Exhibit 1: Political hypocrisy, Trump style. How the hell can the lawless, corrupt president in American history present himself as the “Law and Order” candidate? Even for him, that’s a more shameful lie that anyone could expect.
Or is it. Trump has told more than 20,000 lies during his first three-and-a-half years as president. He has broken the law over and over, from ignoring the Hatch Act, to interring with investigations, to enriching himself and practicing overt racism.
He’s a crook.
“Across the executive branch, Mr. Trump and his appointees have flouted long-honored norms and violated laws with relative impunity,” says former national security advisor Susan Rice. “They have succeeded largely because Senate Republicans have sacrificed oversight and accountability on the altar of subservience to this president so long as it preserves their majority control.”

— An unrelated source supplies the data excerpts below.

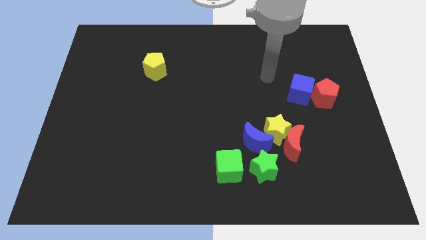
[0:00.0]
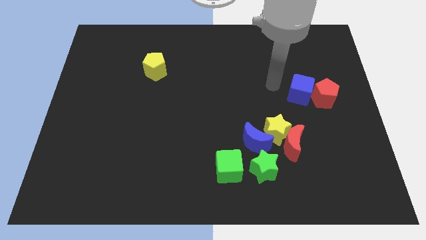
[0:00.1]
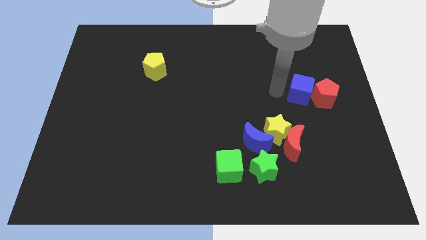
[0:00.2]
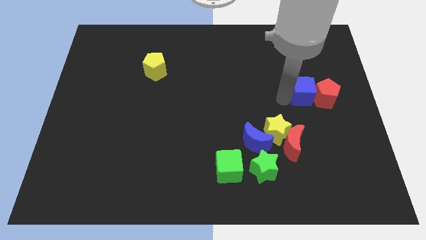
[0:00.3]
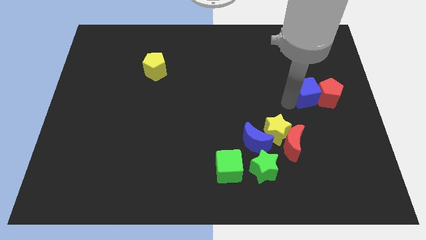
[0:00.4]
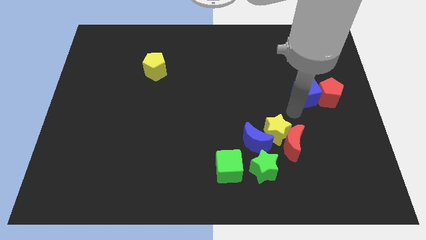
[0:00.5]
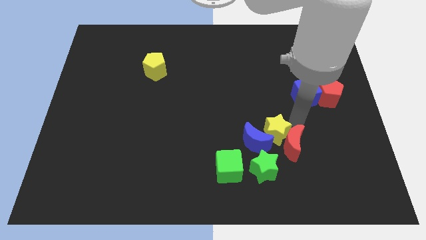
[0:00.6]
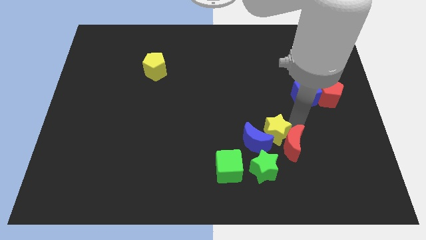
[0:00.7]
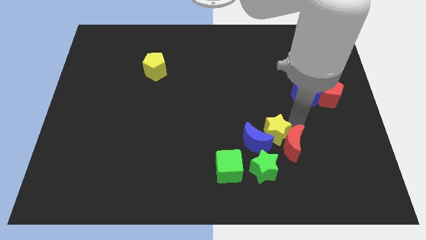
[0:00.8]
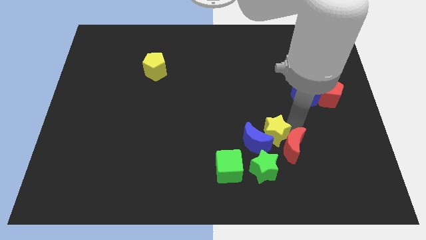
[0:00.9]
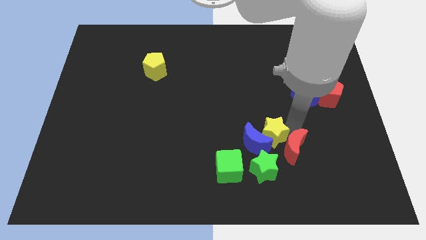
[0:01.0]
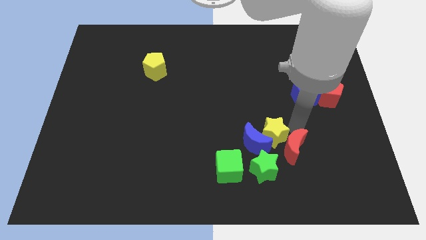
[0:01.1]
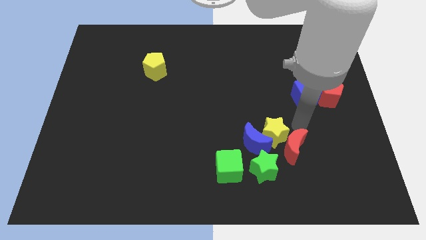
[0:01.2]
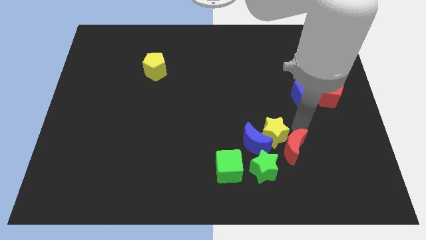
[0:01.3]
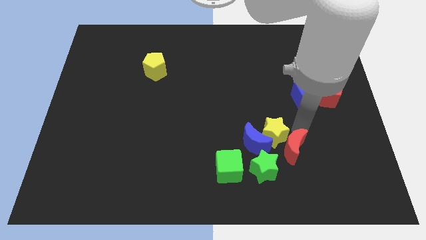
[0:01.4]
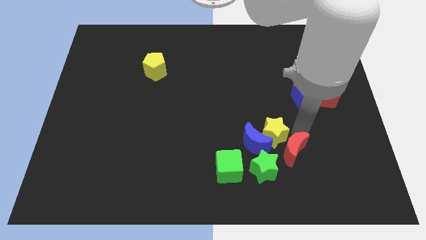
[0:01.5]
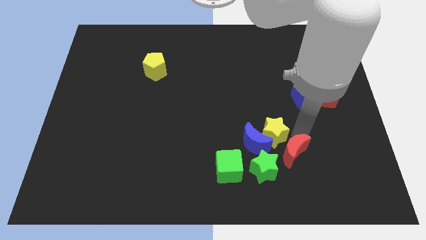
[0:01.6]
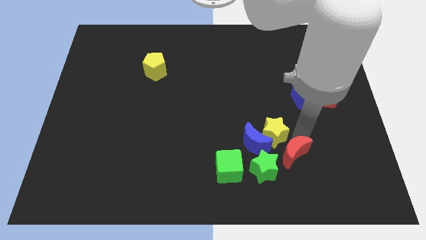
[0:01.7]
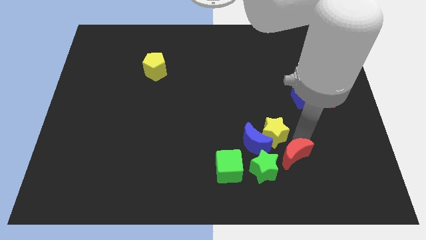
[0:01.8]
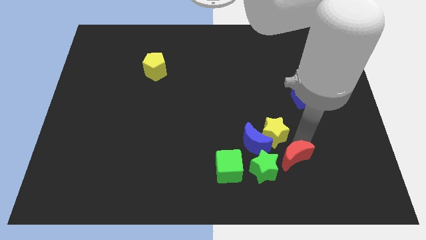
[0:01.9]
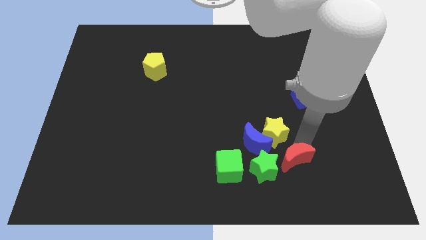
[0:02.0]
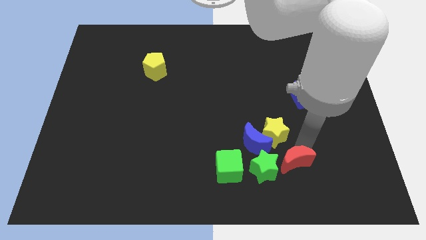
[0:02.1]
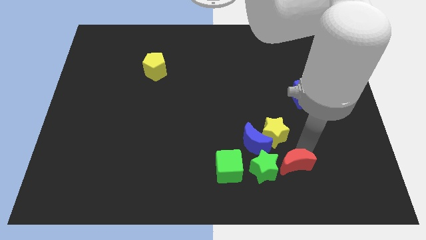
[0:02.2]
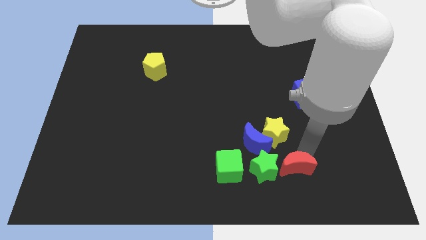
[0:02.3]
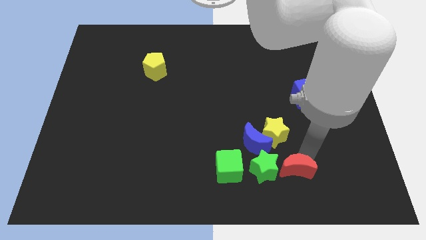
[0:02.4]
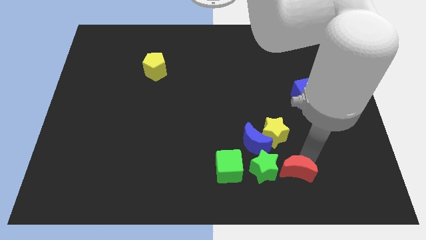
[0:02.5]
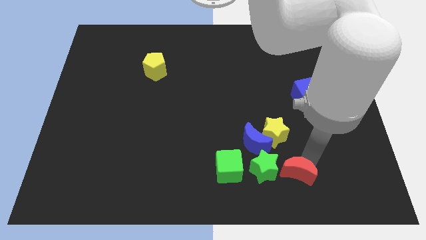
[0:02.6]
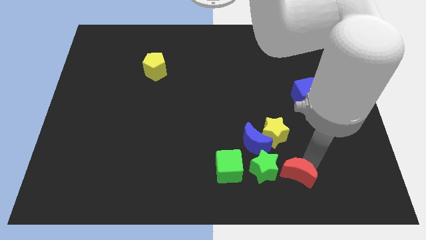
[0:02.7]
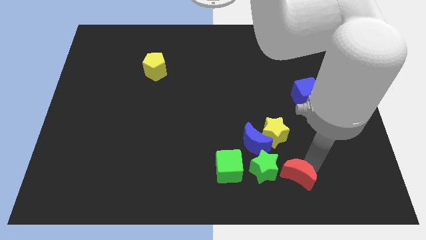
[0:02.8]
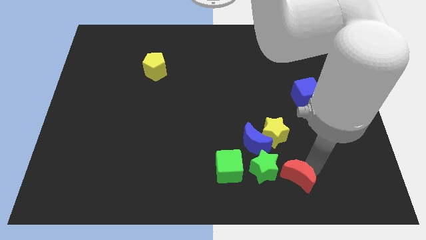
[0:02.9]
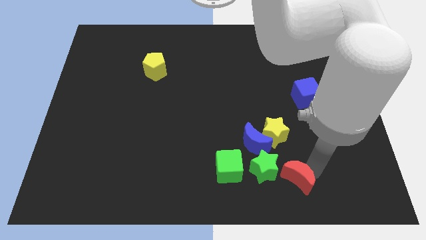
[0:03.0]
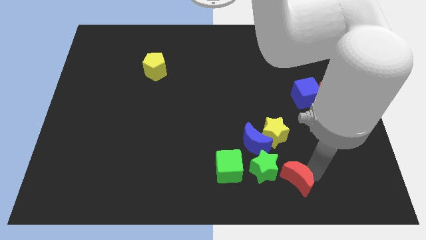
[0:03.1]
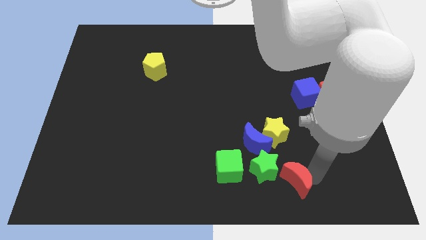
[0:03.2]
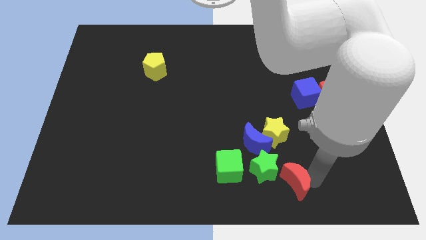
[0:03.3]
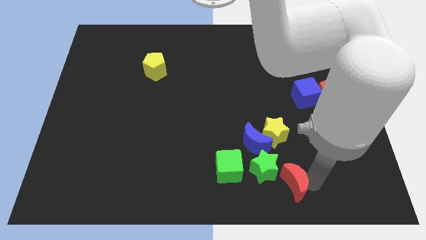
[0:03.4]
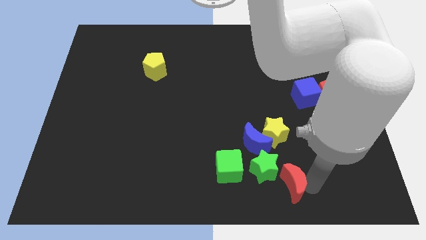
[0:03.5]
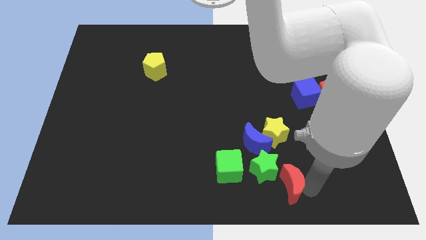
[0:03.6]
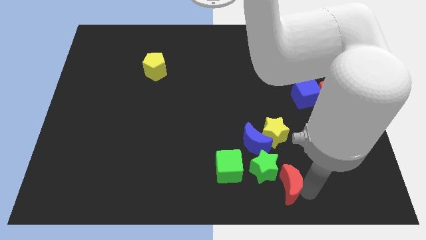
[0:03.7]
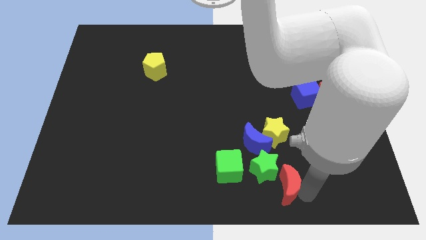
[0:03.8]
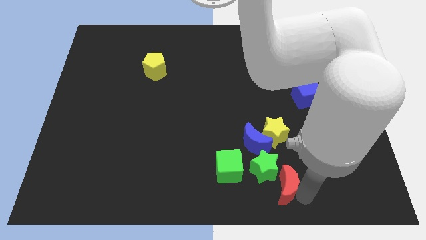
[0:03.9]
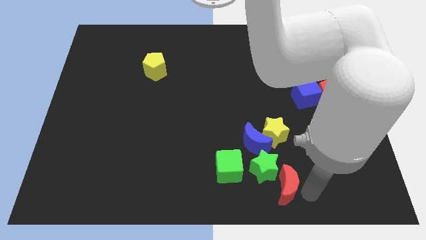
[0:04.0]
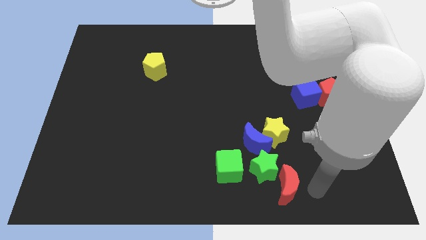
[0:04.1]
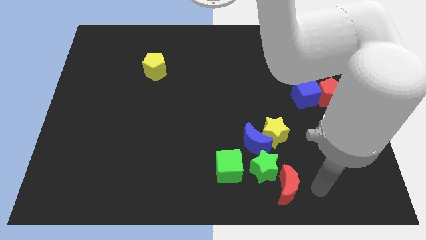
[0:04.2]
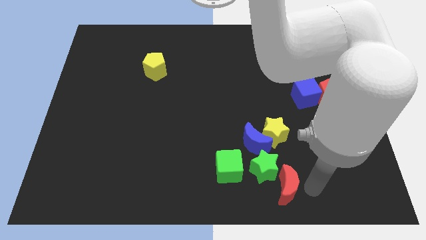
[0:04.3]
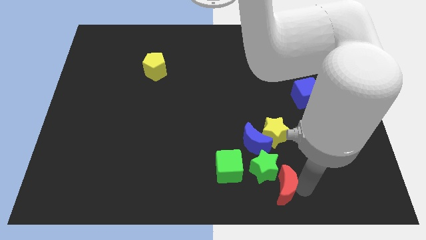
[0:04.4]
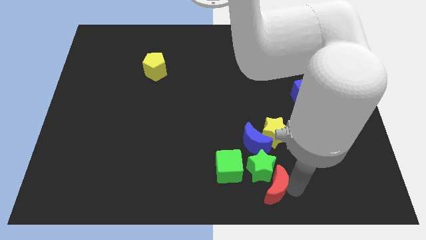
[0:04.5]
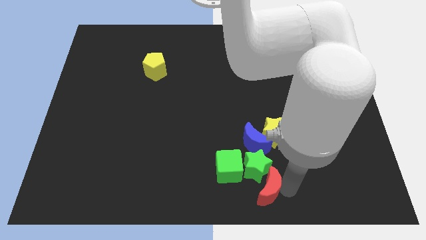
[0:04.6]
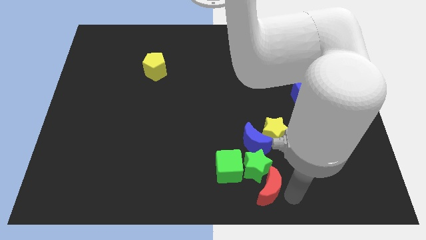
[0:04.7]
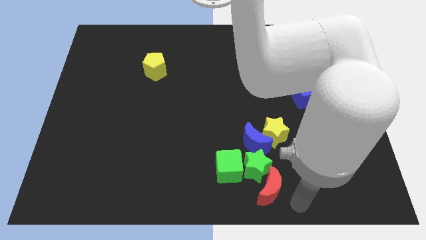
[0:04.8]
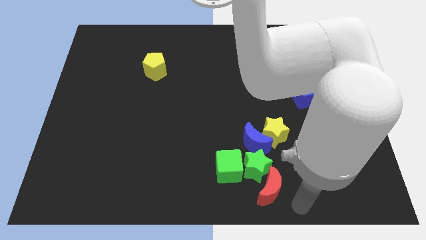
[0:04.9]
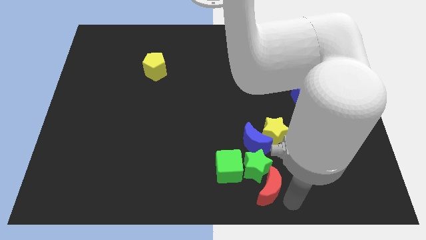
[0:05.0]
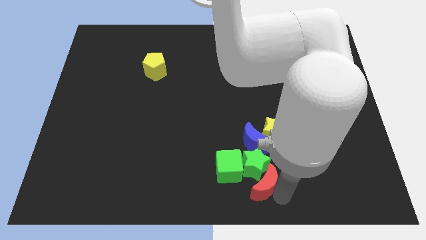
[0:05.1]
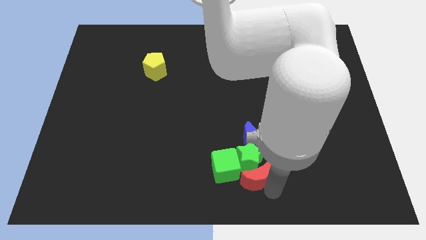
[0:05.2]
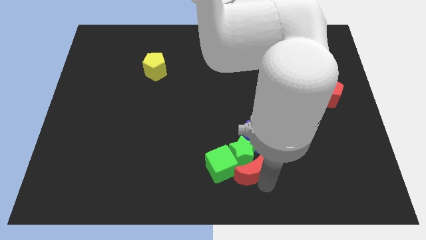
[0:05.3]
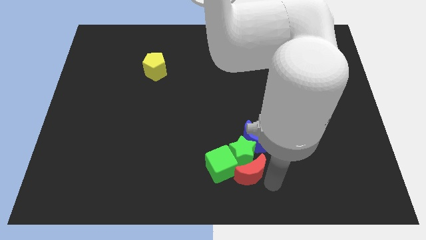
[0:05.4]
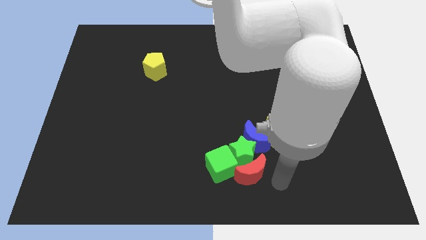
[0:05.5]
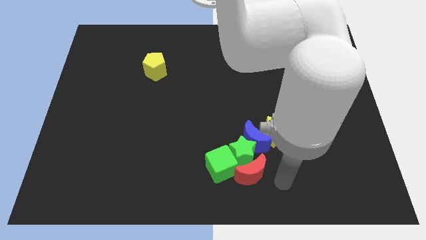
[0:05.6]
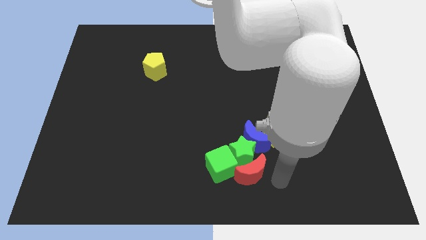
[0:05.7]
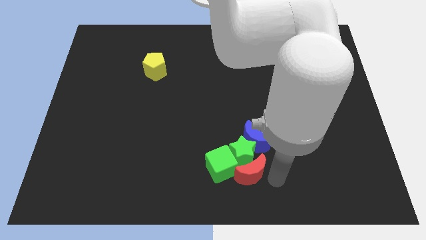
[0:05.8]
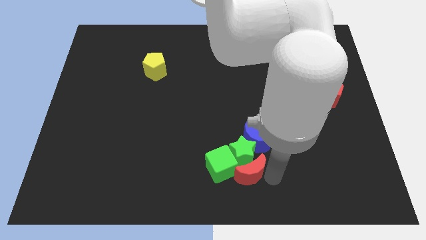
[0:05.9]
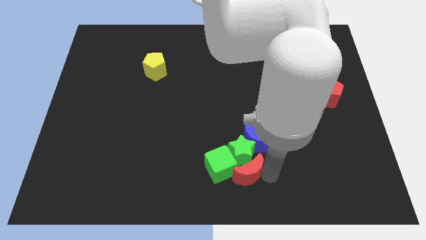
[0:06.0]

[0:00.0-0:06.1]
slide the red moon close to the green cube

Throughout the Republican National Convention, the president and senior officials blatantly violated the Hatch Act, which prohibits government officials from engaging in political activities on the job. From holding the event on White House grounds with cheering uniformed federal law enforcement officers in attendance, and staging a naturalization ceremony as a campaign event with participants used as unwitting political props, to his secretary of state violating departmental rules by delivering a campaign speech from Jerusalem, Mr. Trump has defiled the presidency for political gain.
Meanwhile, the State Department and numerous federal agencies routinely defy congressional subpoenas. Five departmental watchdogs have been fired for investigating accusations of administration malfeasance, while whistle-blowers like the Purple Heart recipient Lt. Col. Alexander Vindman and his brother have been harassed and denied promotions.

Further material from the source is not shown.